Provisioning and third-party dependencies
Zulip is a large project, with well over 100 third-party dependencies, and managing them well is essential to the quality of the project. In this document, we discuss the various classes of dependencies that Zulip has, and how we manage them. Zulip’s dependency management has some really nice properties:
Fast provisioning. When switching to a different commit in the Zulip project with the same dependencies, it takes under 5 seconds to re-provision a working Zulip development environment after switching. If there are new dependencies, one only needs to wait to download the new ones, not all the pre-existing dependencies.
Consistent provisioning. Every time a Zulip development or production environment is provisioned/installed, it should end up using the exactly correct versions of all major dependencies.
Low maintenance burden. To the extent possible, we want to avoid manual work and keeping track of things that could be automated. This makes it easy to keep running the latest versions of our various dependencies.

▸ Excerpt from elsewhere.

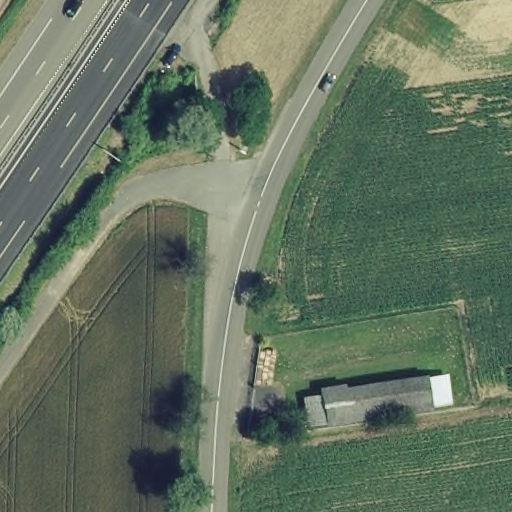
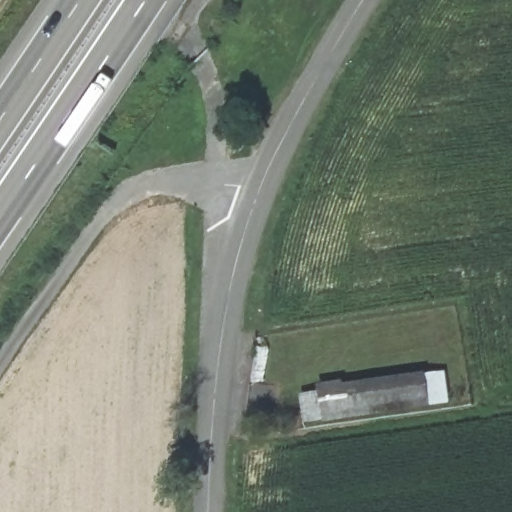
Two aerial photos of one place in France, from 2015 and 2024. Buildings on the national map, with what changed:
unchanged [(303,427),(299,394),(447,374),(450,405),(303,427)]

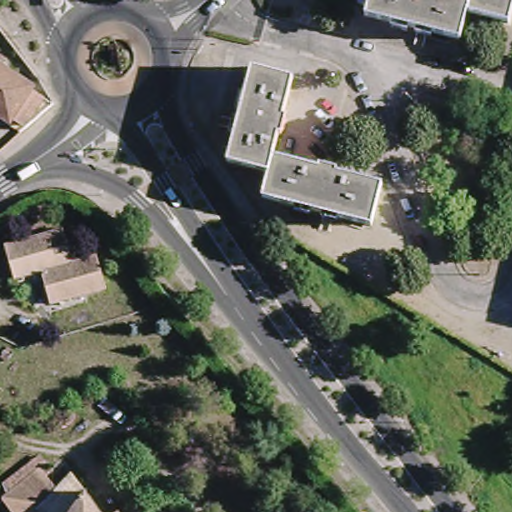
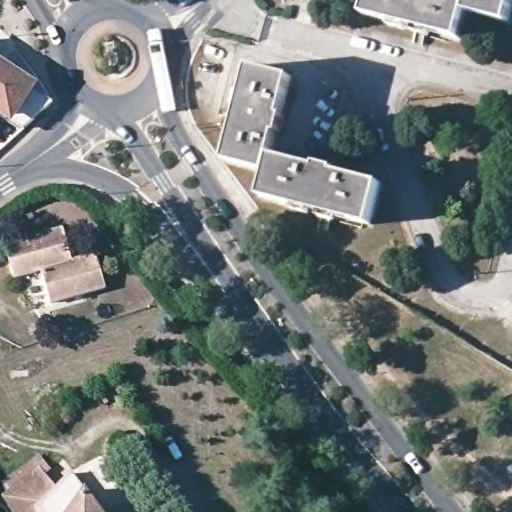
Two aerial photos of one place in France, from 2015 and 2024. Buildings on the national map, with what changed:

The purpose of this document is to detail all of Zulip’s third-party dependencies and how we manage their versions.
Provisioning
We refer to “provisioning” as the process of installing and
configuring the dependencies of a Zulip development environment. It’s
done using tools/provision
, and the output is conveniently logged by
var/log/provision.log
to help with debugging. Provisioning makes
use of a lot of caching. Some of those caches are not immune to being
corrupted if you mess around with files in your repository a lot. We
have tools/provision --force
to (still fairly quickly) rerun most
steps that would otherwise have been skipped due to caching.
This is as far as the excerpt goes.